### Material for the task
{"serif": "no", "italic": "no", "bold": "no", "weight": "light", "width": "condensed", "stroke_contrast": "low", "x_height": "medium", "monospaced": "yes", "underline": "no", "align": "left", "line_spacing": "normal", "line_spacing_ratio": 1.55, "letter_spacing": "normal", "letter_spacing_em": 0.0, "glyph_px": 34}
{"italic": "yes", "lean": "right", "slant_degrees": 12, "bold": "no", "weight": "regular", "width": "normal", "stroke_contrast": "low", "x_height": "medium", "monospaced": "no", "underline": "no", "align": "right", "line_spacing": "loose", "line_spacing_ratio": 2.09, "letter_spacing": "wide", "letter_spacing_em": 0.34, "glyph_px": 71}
######
### Material for the task
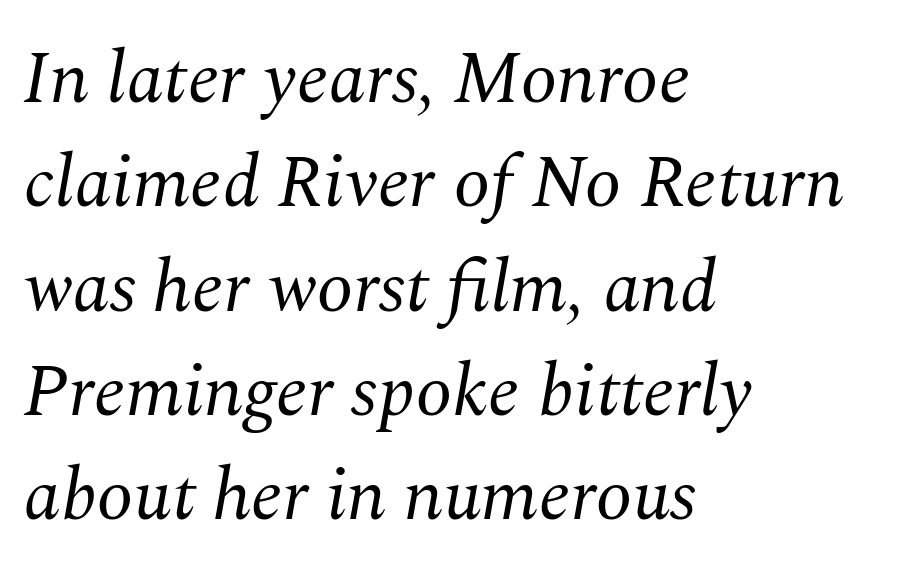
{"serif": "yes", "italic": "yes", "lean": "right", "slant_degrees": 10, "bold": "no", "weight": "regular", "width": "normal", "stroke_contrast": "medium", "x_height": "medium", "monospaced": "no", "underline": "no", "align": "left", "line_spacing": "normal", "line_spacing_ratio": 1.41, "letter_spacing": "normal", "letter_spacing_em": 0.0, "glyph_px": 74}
######
Select every line in the records above that contains the word "serif".

### Expected answer
{"serif": "no", "italic": "no", "bold": "no", "weight": "light", "width": "condensed", "stroke_contrast": "low", "x_height": "medium", "monospaced": "yes", "underline": "no", "align": "left", "line_spacing": "normal", "line_spacing_ratio": 1.55, "letter_spacing": "normal", "letter_spacing_em": 0.0, "glyph_px": 34}
{"serif": "yes", "italic": "yes", "lean": "right", "slant_degrees": 10, "bold": "no", "weight": "regular", "width": "normal", "stroke_contrast": "medium", "x_height": "medium", "monospaced": "no", "underline": "no", "align": "left", "line_spacing": "normal", "line_spacing_ratio": 1.41, "letter_spacing": "normal", "letter_spacing_em": 0.0, "glyph_px": 74}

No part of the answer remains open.